On Tuesday, we received fourth quarter results from Yahoo (NASDAQ:YHOO). While the quarter wasn't as bad as originally feared, maybe as a result of management sandbagging guidance a few months ago, 2016 will be another down year for the company. Management unveiled a big turnaround plan that hopes to return Yahoo to growth over the next couple of years, one that I hope does not include current CEO Marissa Mayer.
You can read all about the strategic initiatives here, but I'd also suggest investors read through all of the earnings slides as well. The slides contain most of the important numbers, including the following yearly guidance for 2016 seen below:
To show you how fast Yahoo has fallen, Facebook (NASDAQ:FB) reported $5.8 billion in revenues for Q4 2015. Yahoo only expects to be around $4.5 billion for all of 2016. Analysts were looking for about $4.8 billion, so this guidance is a big disappointment. Don't forget, these are revenues on a GAAP basis, which make the situation appear much better than it actually is. During 2015, analysts started focusing on Yahoo's GAAP revenues instead of the non-GAAP ones that subtract out traffic acquisition costs. On a non-GAAP basis, Yahoo is guiding to just $3.4 billion to $3.6 billion in 2016 revenues, compared to $4.09 billion in 2015.
The company also guided to substantially lower adjusted EBITDA and non-GAAP operating income in 2016. After $1.57 in non-GAAP EPS during 2014, Yahoo reported just $0.59 in 2015. That number will fall further towards the flat line, meaning analysts will soon be quickly reducing their $0.56 average. Perhaps Yahoo could help its EPS number by starting to repurchase shares again, since the company did not buy back any stock during the last 9 months of 2015. Yahoo finished the year with almost $7 billion in cash.
Marissa Mayer took over Yahoo in July 2012. That year, Yahoo did nearly $4.5 billion in non-GAAP revenues. This year, the company is expected to do $1 billion less than that.
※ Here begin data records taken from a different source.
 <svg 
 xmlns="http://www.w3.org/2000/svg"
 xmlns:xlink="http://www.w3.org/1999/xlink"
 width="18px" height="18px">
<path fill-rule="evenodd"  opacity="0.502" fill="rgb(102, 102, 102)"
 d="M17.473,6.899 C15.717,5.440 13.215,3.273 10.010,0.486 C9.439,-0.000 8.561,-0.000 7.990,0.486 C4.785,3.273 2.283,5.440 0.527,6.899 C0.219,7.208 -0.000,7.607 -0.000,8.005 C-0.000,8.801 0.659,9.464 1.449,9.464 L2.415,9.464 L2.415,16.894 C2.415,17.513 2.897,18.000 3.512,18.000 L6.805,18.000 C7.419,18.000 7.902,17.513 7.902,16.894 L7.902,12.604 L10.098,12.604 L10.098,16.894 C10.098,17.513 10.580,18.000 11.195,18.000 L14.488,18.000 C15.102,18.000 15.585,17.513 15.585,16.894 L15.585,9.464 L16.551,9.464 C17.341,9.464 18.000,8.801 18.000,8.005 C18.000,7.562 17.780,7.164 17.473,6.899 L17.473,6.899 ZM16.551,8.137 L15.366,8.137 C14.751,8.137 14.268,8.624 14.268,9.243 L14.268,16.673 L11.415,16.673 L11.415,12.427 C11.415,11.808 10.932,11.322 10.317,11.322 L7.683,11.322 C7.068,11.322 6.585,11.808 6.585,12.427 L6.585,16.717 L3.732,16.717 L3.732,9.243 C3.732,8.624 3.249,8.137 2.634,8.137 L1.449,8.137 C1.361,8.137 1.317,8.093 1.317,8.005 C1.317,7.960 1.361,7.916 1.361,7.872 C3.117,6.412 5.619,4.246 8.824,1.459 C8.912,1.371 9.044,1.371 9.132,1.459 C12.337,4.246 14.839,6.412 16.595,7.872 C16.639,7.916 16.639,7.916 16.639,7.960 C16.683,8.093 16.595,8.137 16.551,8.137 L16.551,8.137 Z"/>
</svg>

Even considering the bump shares have gotten from the Alibaba (NYSE:BABA) holding since she took over, you would have gained about twice as much if you were invested in Google (NASDAQ:GOOGL) (NASDAQ:GOOG). Google recently became the largest market cap company because its revenues (GAAP and non-GAAP) are soaring, while Yahoo's are falling off a cliff.
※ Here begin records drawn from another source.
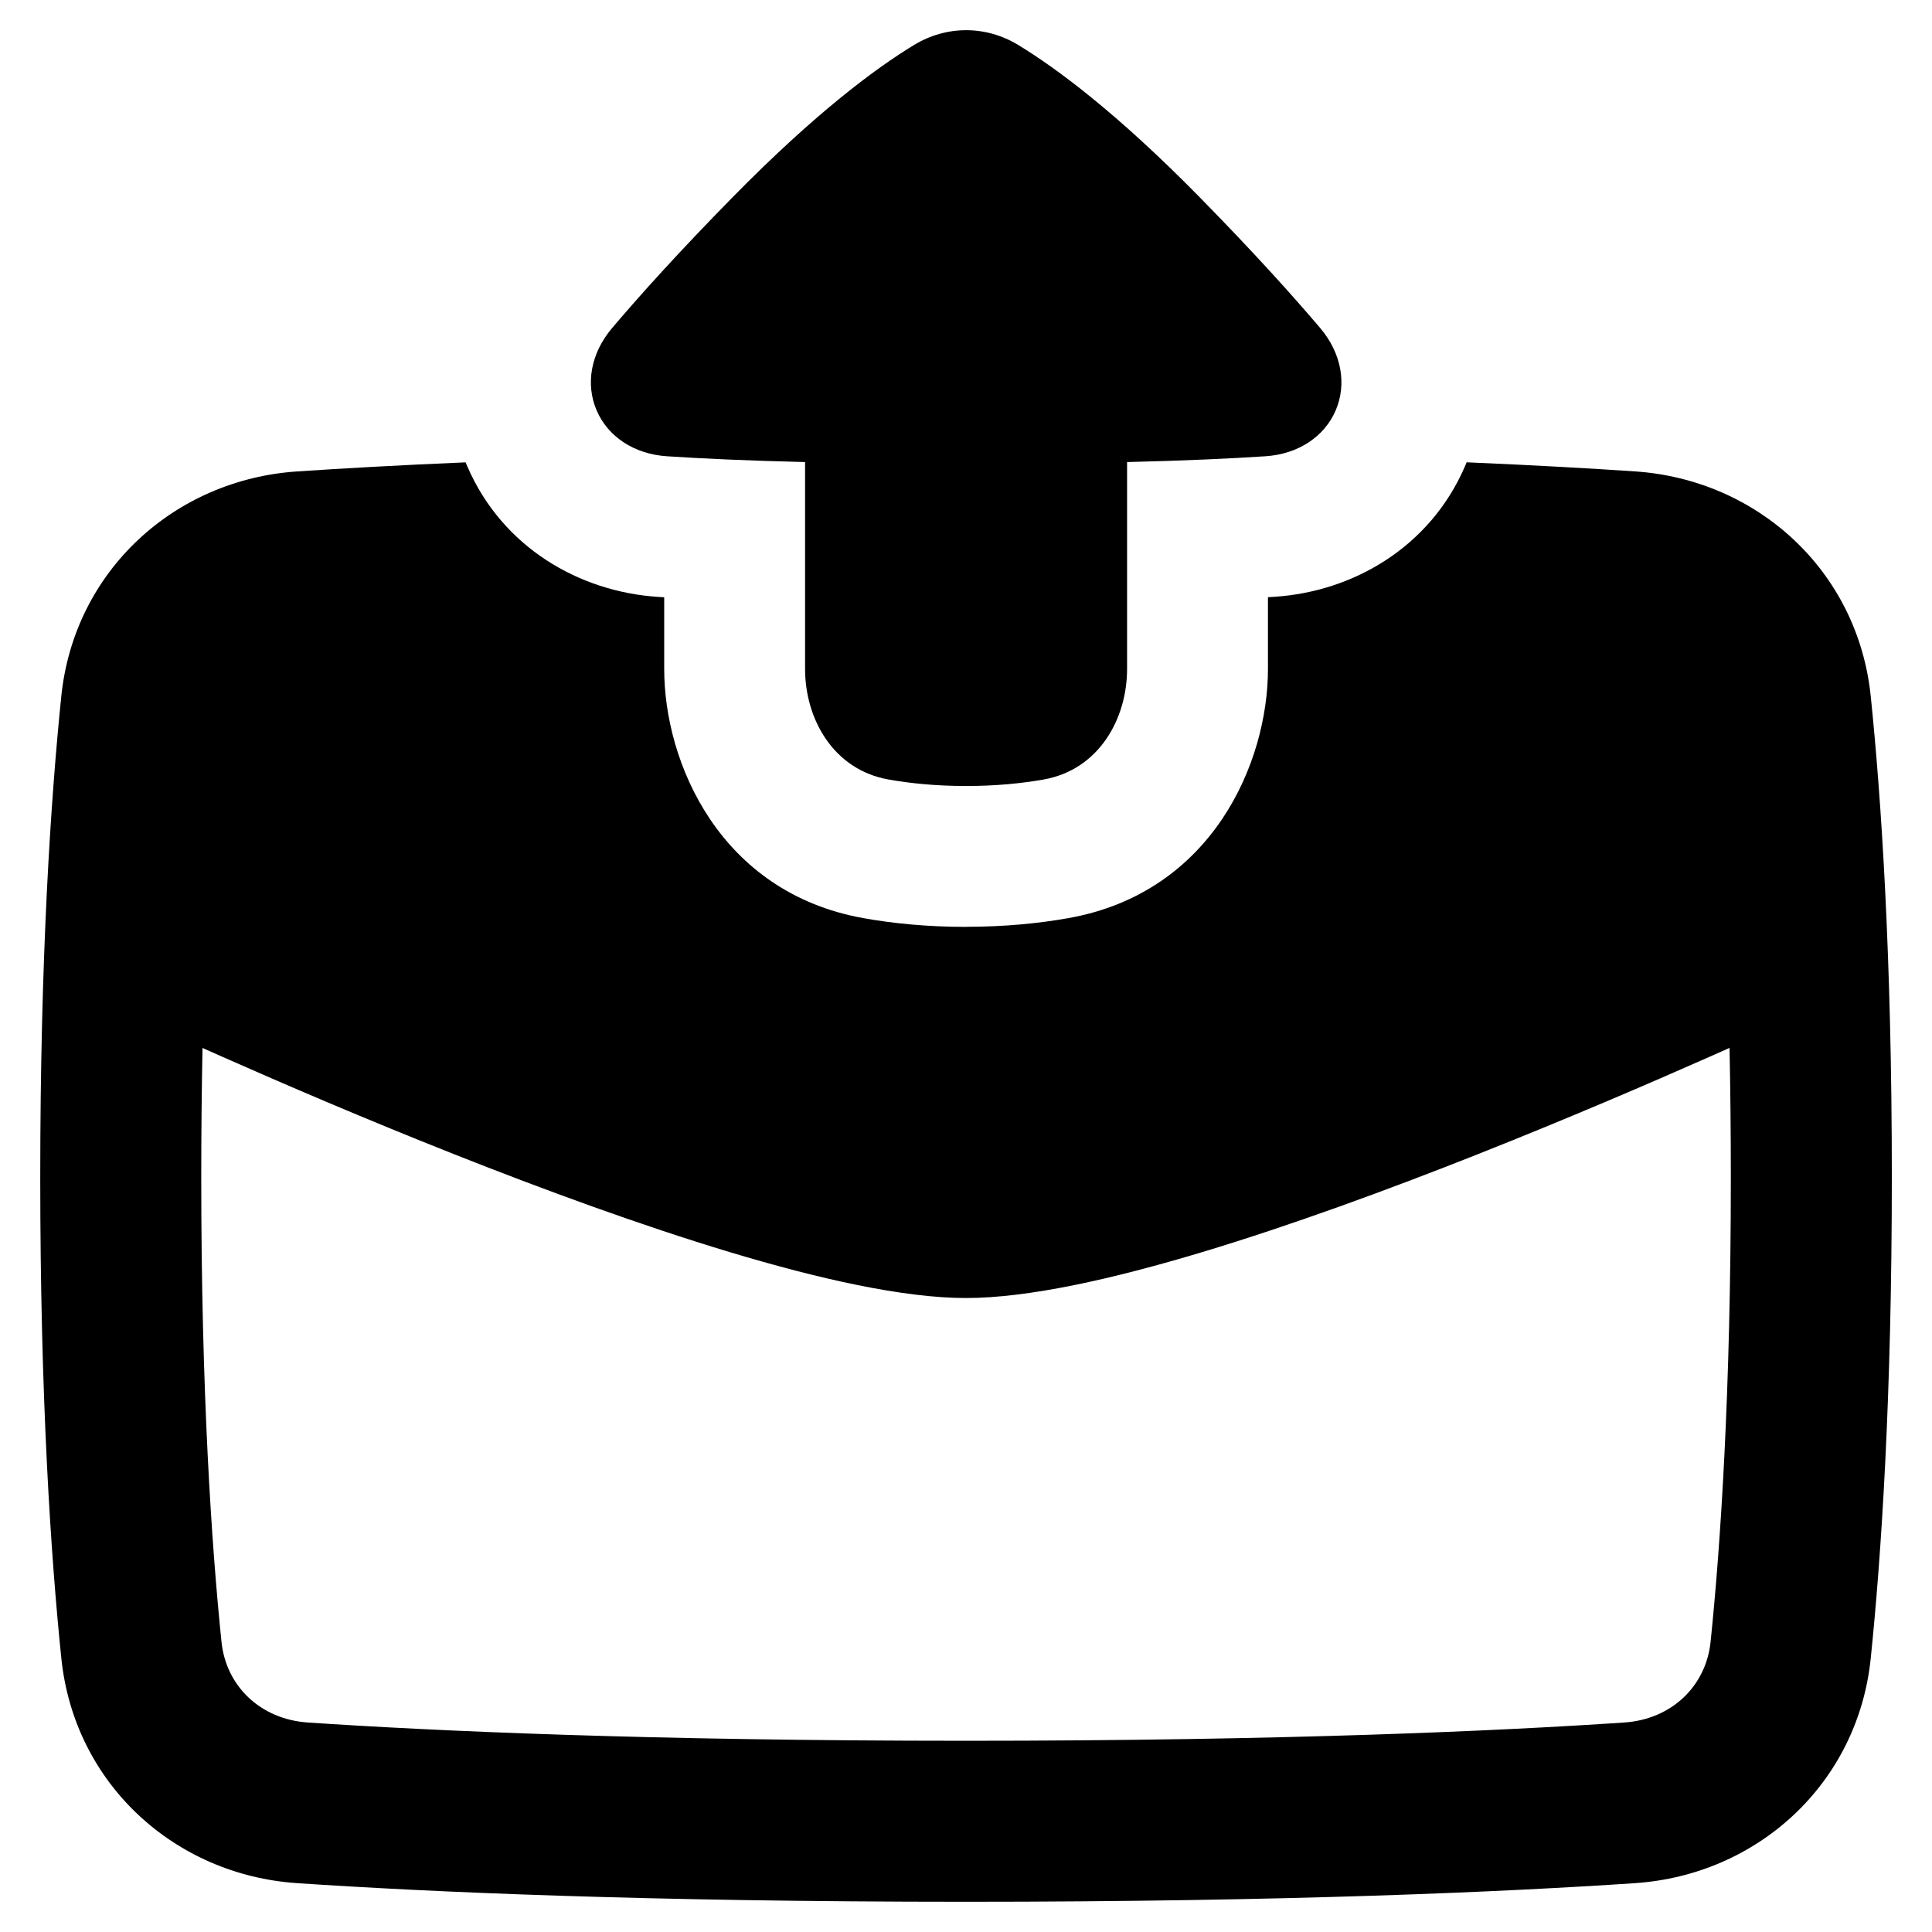 <svg xmlns="http://www.w3.org/2000/svg" fill="none" viewBox="0 0 48 48" id="Mail-Outgoing--Streamline-Plump-Remix">
  <desc>
    Mail Outgoing Streamline Icon: https://streamlinehq.com
  </desc>
  <g id="mail-outgoing--inbox-envelope-email-message-up-arrow-outbox">
    <path id="Union" fill="#000000" fill-rule="evenodd" d="M22.705 1.12c0.809 -0.493 1.788 -0.493 2.597 -0 0.936 0.57 2.441 1.678 4.513 3.79 1.322 1.347 2.288 2.419 2.985 3.24 0.533 0.629 0.664 1.397 0.384 2.048 -0.28 0.65 -0.928 1.085 -1.748 1.138 -0.865 0.057 -1.989 0.109 -3.434 0.144v5.141c0 1.237 -0.699 2.501 -2.07 2.745 -0.529 0.094 -1.173 0.162 -1.93 0.162 -0.758 0 -1.401 -0.068 -1.93 -0.162 -1.371 -0.244 -2.07 -1.508 -2.07 -2.745v-5.141c-1.444 -0.035 -2.566 -0.087 -3.43 -0.144 -0.819 -0.053 -1.468 -0.488 -1.748 -1.138 -0.281 -0.651 -0.149 -1.42 0.384 -2.048 0.696 -0.822 1.663 -1.894 2.985 -3.241 2.073 -2.112 3.576 -3.22 4.513 -3.79Zm1.297 21.908c-0.967 0 -1.816 -0.086 -2.545 -0.216 -3.575 -0.637 -4.955 -3.866 -4.955 -6.191v-1.782l-0.159 -0.01c-1.94 -0.127 -3.861 -1.221 -4.734 -3.245 -0.014 -0.032 -0.027 -0.065 -0.041 -0.097 -1.679 0.071 -3.07 0.151 -4.191 0.226 -3.039 0.205 -5.534 2.468 -5.854 5.585C1.262 19.842 1 23.759 1 29.249s0.262 9.407 0.524 11.952c0.321 3.116 2.815 5.38 5.854 5.585 3.204 0.216 8.623 0.463 16.623 0.463 8.001 0 13.419 -0.247 16.623 -0.463 3.039 -0.205 5.534 -2.469 5.854 -5.585 0.262 -2.545 0.524 -6.462 0.524 -11.952s-0.262 -9.407 -0.524 -11.952c-0.321 -3.116 -2.815 -5.38 -5.854 -5.585 -1.12 -0.075 -2.51 -0.155 -4.186 -0.226 -0.013 0.032 -0.026 0.064 -0.04 0.096 -0.872 2.024 -2.794 3.119 -4.734 3.245l-0.162 0.01v1.782c0 2.325 -1.381 5.554 -4.956 6.191 -0.729 0.13 -1.578 0.216 -2.544 0.216Zm18.968 3.007c-0.159 0.071 -0.325 0.145 -0.5 0.222 -1.49 0.66 -3.536 1.54 -5.761 2.422 -2.222 0.88 -4.636 1.767 -6.856 2.434 -2.193 0.659 -4.294 1.136 -5.854 1.136 -1.559 0 -3.661 -0.477 -5.854 -1.136 -2.22 -0.668 -4.634 -1.554 -6.856 -2.434 -2.225 -0.881 -4.271 -1.762 -5.761 -2.422 -0.173 -0.077 -0.339 -0.15 -0.497 -0.221C5.012 27.037 5 28.107 5 29.249c0 5.363 0.256 9.143 0.503 11.543 0.112 1.093 0.962 1.923 2.144 2.003 3.107 0.209 8.436 0.454 16.354 0.454 7.918 0 13.247 -0.245 16.354 -0.454 1.182 -0.08 2.031 -0.91 2.144 -2.003 0.247 -2.399 0.503 -6.18 0.503 -11.543 0 -1.143 -0.012 -2.213 -0.032 -3.214Z" clip-rule="evenodd" stroke-width="1"></path>
  </g>
</svg>

Yahoo is streamlining its operations in an effort to return to revenue growth. However, the company is in a much worse position now than it was when Marissa Mayer took over, with annual non-GAAP revenues about $1 billion lower. Mayer failed to grow revenues and earnings, and has botched the Alibaba holding spinoff. Shares Wednesday hit a new 52-week low, about 50% off their November 2014 highs. With another bad year of results coming, this turnaround plan seems to be a little too late. As Yahoo looks to start this new era of its history, it is time for a new leader to guide the company during this period.